═══ Input data

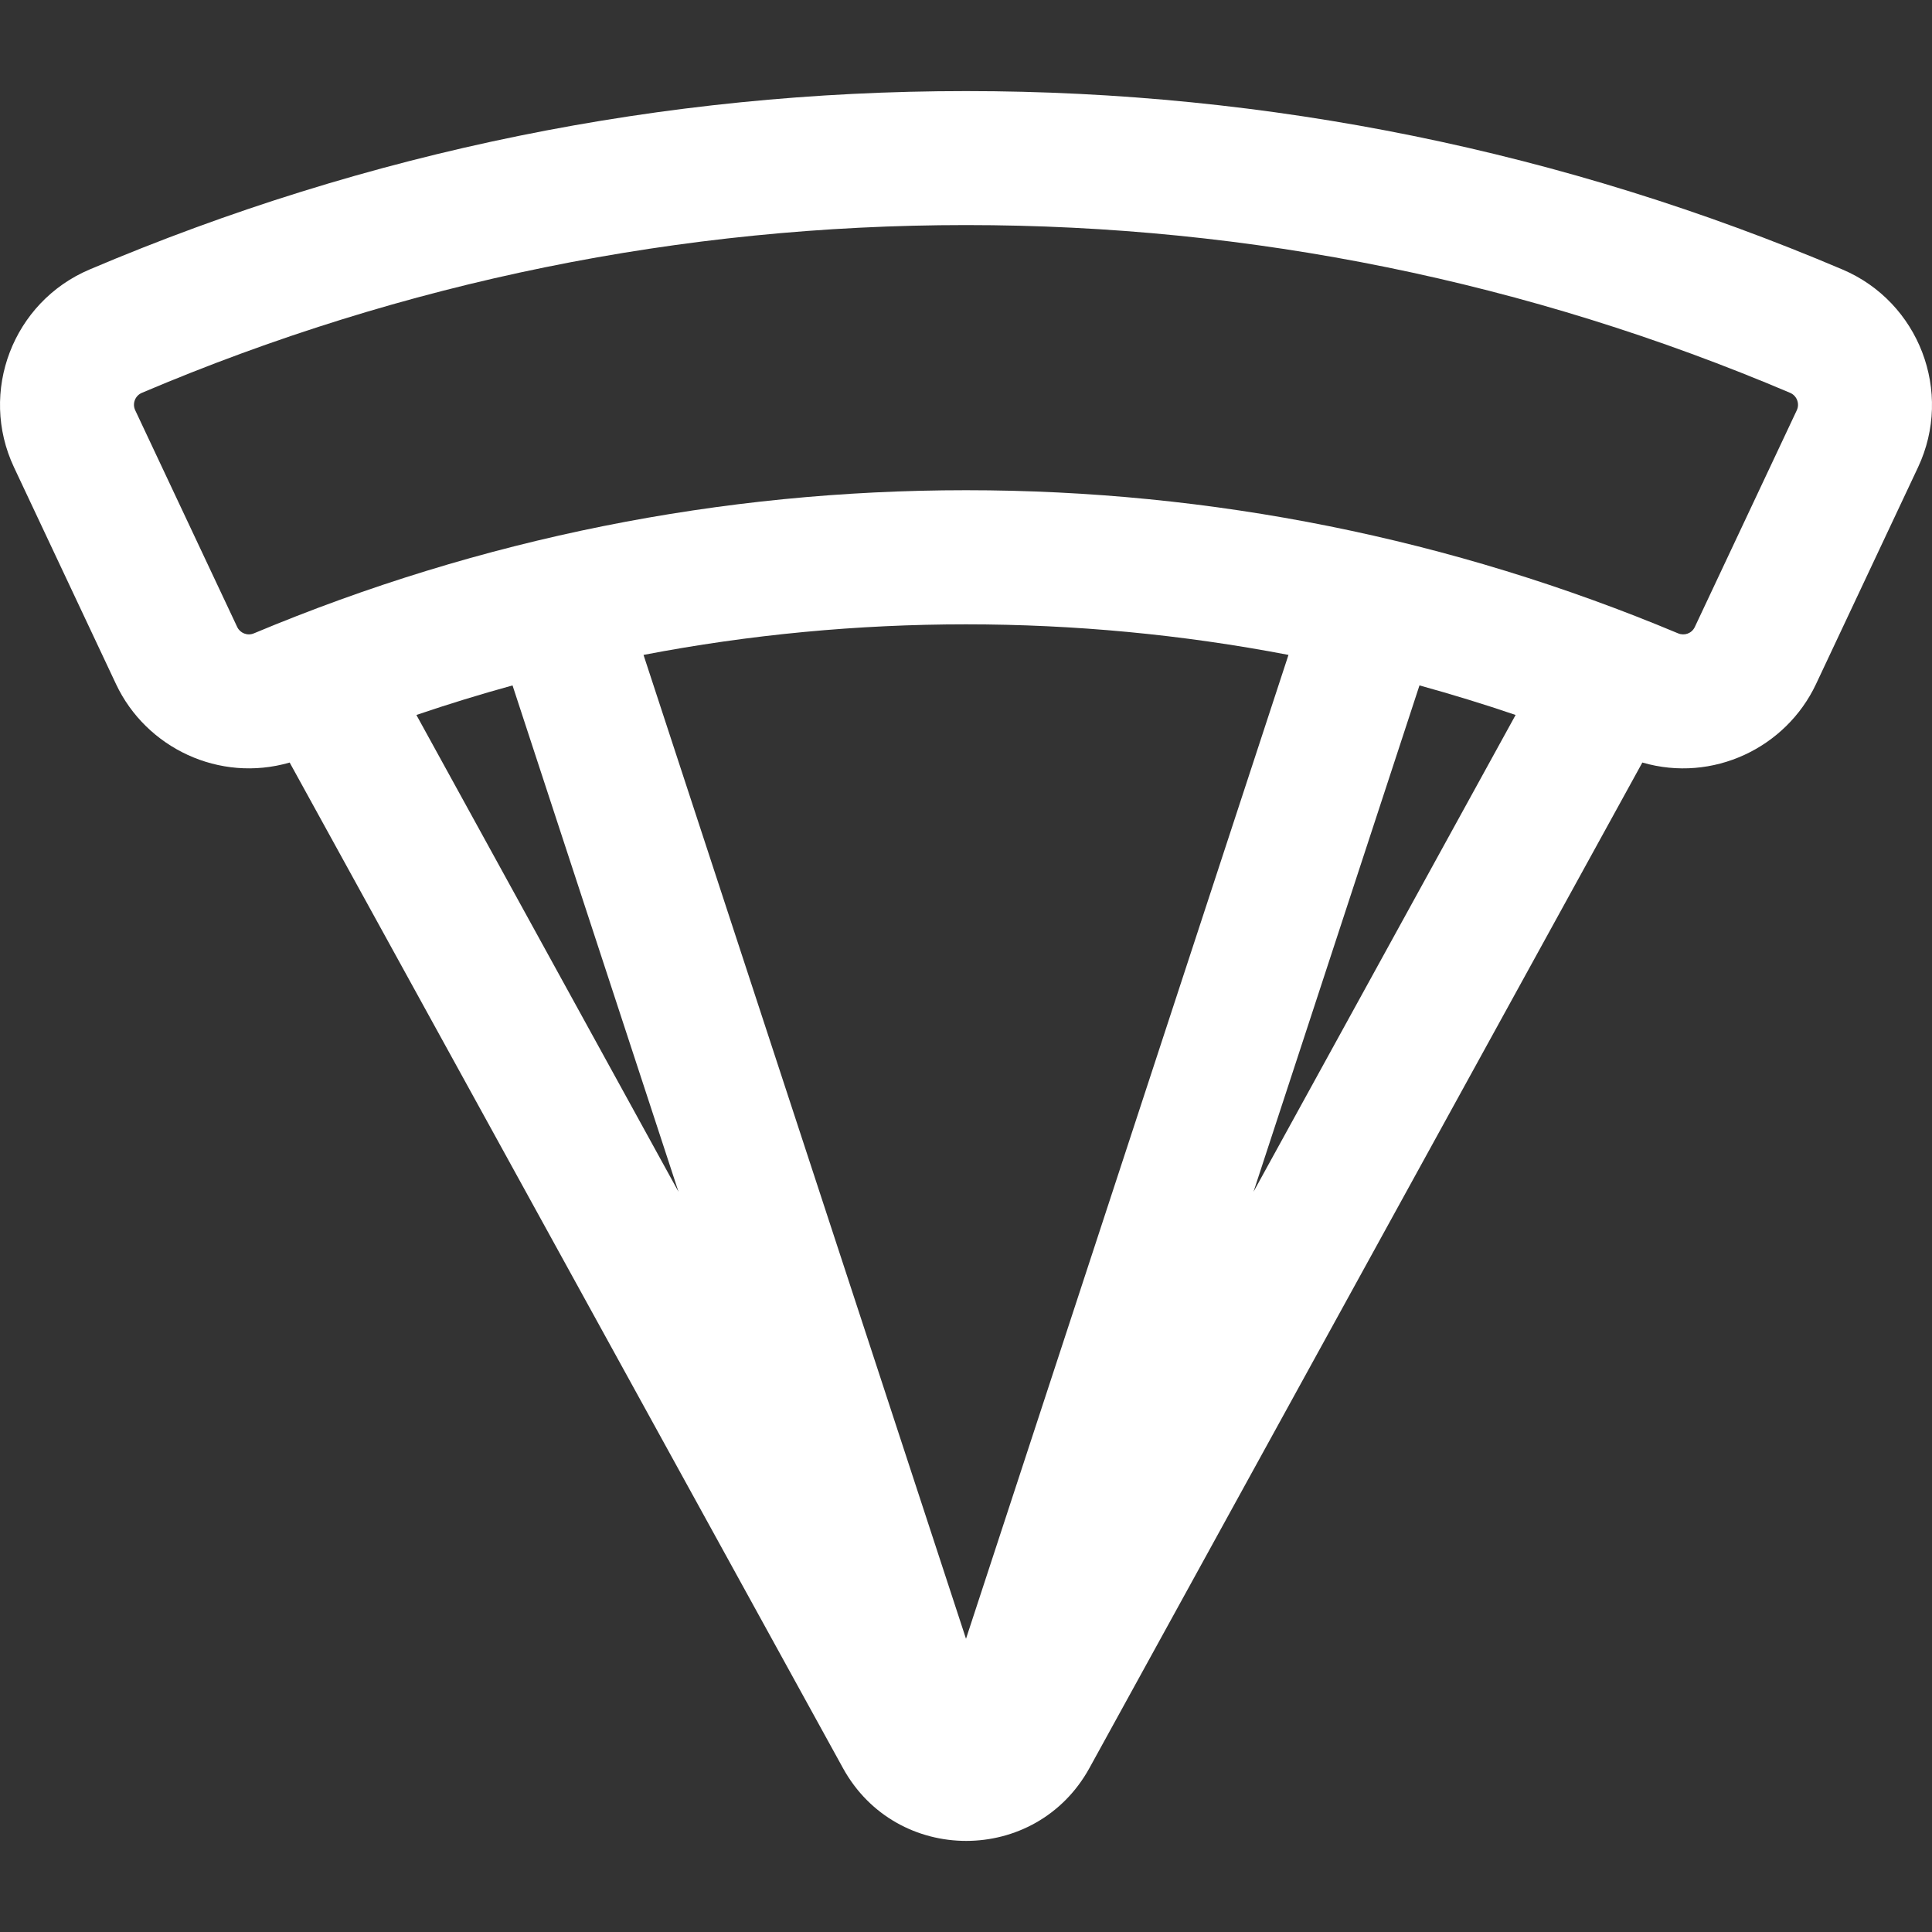 <?xml version="1.0" encoding="iso-8859-1"?>
<!-- Uploaded to: SVG Repo, www.svgrepo.com, Generator: SVG Repo Mixer Tools -->
<svg fill="#ffffff" height="800px" width="800px" version="1.1" id="Layer_1" xmlns="http://www.w3.org/2000/svg" xmlns:xlink="http://www.w3.org/1999/xlink" 
	 viewBox="0 0 512 512" xml:space="preserve">
<rect x="0" y="0" width="512" height="512" fill="#333333" stroke="none"/>
<g>
	<g>
		<path d="M488.282,71.424c-73.859-31.376-152.008-47.285-232.278-47.285S97.582,40.049,23.726,71.424
			c-20.298,8.62-29.417,32.443-20.018,52.412l27.03,57.442c7.976,16.949,27.392,26.212,46.025,20.804
			c0.649,1.18,92.078,167.358,146.625,266.474c14.17,25.749,51.169,25.734,65.33-0.019l146.519-266.456
			c18.661,5.423,38.061-3.866,46.031-20.803l27.031-57.443C517.682,103.898,508.579,80.045,488.282,71.424z M110.348,189.474
			c8.43-2.868,16.927-5.472,25.478-7.831l43.983,134.19L110.348,189.474z M256,434.294l-85.46-260.736
			c56.275-10.805,114.644-10.805,170.92-0.001L256,434.294z M332.192,315.833l43.983-134.193c8.551,2.358,17.047,4.962,25.478,7.83
			L332.192,315.833z M476.171,108.718l-27.031,57.443c-0.798,1.697-2.738,2.389-4.416,1.686
			c-59.997-25.141-123.604-37.936-188.723-37.936c-64.896,0-128.547,12.72-188.723,37.936c-1.731,0.726-3.659-0.079-4.416-1.686
			l-27.03-57.443c-0.822-1.746-0.038-3.846,1.773-4.615c69.443-29.499,142.922-44.458,218.396-44.458s148.953,14.957,218.397,44.458
			C476.207,104.871,476.98,107.001,476.171,108.718z"/>
	</g>
</g>
</svg>

══════

- Task requirements -
Give back every entry in its exact wording, leaving the pictures out.

- Reply to the exercise -
 <?xml version="1.0" encoding="iso-8859-1"?>
<!-- Uploaded to: SVG Repo, www.svgrepo.com, Generator: SVG Repo Mixer Tools -->
<svg fill="#ffffff" height="800px" width="800px" version="1.1" id="Layer_1" xmlns="http://www.w3.org/2000/svg" xmlns:xlink="http://www.w3.org/1999/xlink" 
	 viewBox="0 0 512 512" xml:space="preserve">
<rect x="0" y="0" width="512" height="512" fill="#333333" stroke="none"/>
<g>
	<g>
		<path d="M488.282,71.424c-73.859-31.376-152.008-47.285-232.278-47.285S97.582,40.049,23.726,71.424
			c-20.298,8.62-29.417,32.443-20.018,52.412l27.03,57.442c7.976,16.949,27.392,26.212,46.025,20.804
			c0.649,1.18,92.078,167.358,146.625,266.474c14.17,25.749,51.169,25.734,65.33-0.019l146.519-266.456
			c18.661,5.423,38.061-3.866,46.031-20.803l27.031-57.443C517.682,103.898,508.579,80.045,488.282,71.424z M110.348,189.474
			c8.43-2.868,16.927-5.472,25.478-7.831l43.983,134.19L110.348,189.474z M256,434.294l-85.46-260.736
			c56.275-10.805,114.644-10.805,170.92-0.001L256,434.294z M332.192,315.833l43.983-134.193c8.551,2.358,17.047,4.962,25.478,7.83
			L332.192,315.833z M476.171,108.718l-27.031,57.443c-0.798,1.697-2.738,2.389-4.416,1.686
			c-59.997-25.141-123.604-37.936-188.723-37.936c-64.896,0-128.547,12.72-188.723,37.936c-1.731,0.726-3.659-0.079-4.416-1.686
			l-27.03-57.443c-0.822-1.746-0.038-3.846,1.773-4.615c69.443-29.499,142.922-44.458,218.396-44.458s148.953,14.957,218.397,44.458
			C476.207,104.871,476.98,107.001,476.171,108.718z"/>
	</g>
</g>
</svg>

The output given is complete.